The entries that follow need to be printed exactly as they are, minus any pictures.

Listed records
+++++

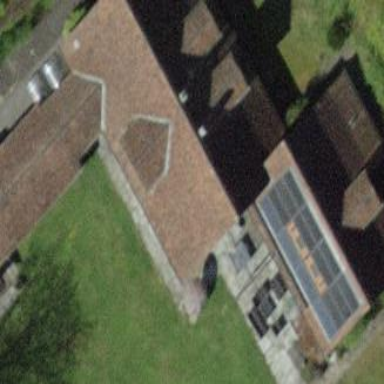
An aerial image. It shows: Gabled building with roof made of roof tiles.
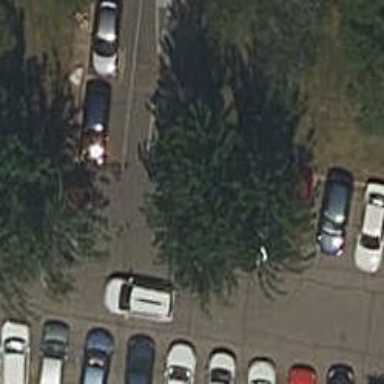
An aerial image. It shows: Asphalt parking aisle designated as service road.
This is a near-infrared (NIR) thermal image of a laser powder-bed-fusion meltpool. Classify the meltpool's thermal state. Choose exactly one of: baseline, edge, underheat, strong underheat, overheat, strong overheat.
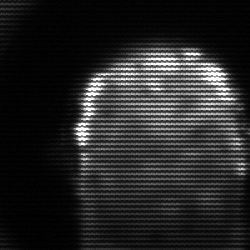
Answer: baseline
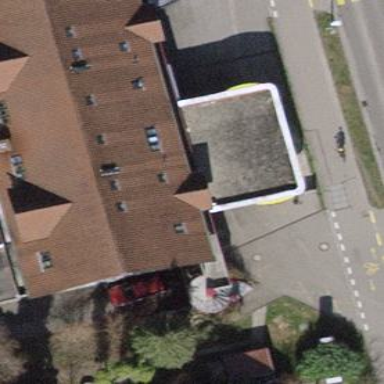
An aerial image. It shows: Fuel station located under roof.
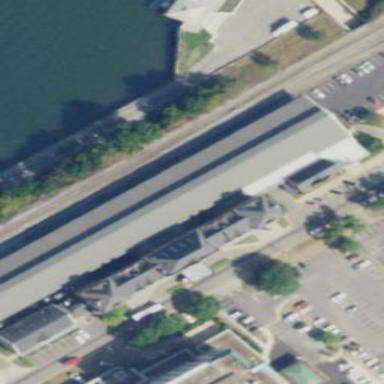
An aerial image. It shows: Historic railway station building.
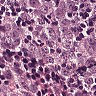
Metastatic tissue present: yes
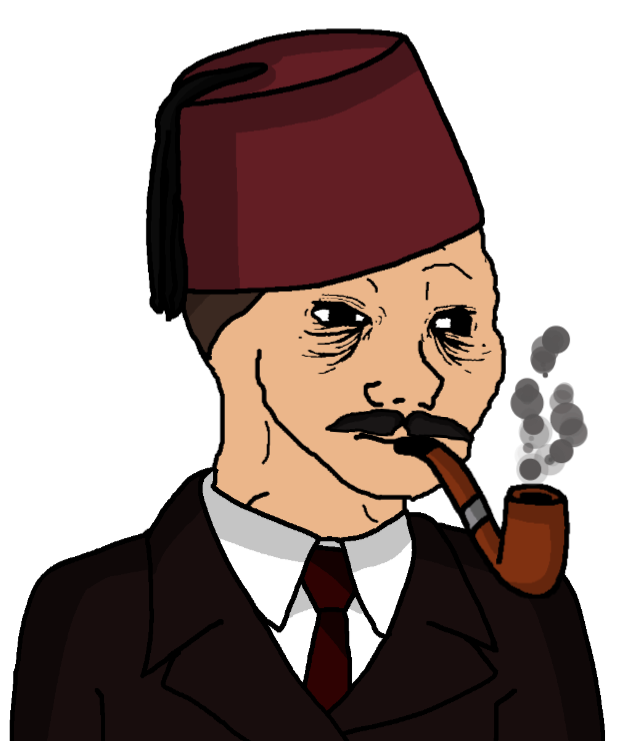
Label: 5_Doomer

+++++

Written solution
An aerial image. It shows: Gabled building with roof made of roof tiles.
An aerial image. It shows: Asphalt parking aisle designated as service road.
This is a near-infrared (NIR) thermal image of a laser powder-bed-fusion meltpool. Classify the meltpool's thermal state. Choose exactly one of: baseline, edge, underheat, strong underheat, overheat, strong overheat.
Answer: baseline
An aerial image. It shows: Fuel station located under roof.
An aerial image. It shows: Historic railway station building.
Metastatic tissue present: yes
Label: 5_Doomer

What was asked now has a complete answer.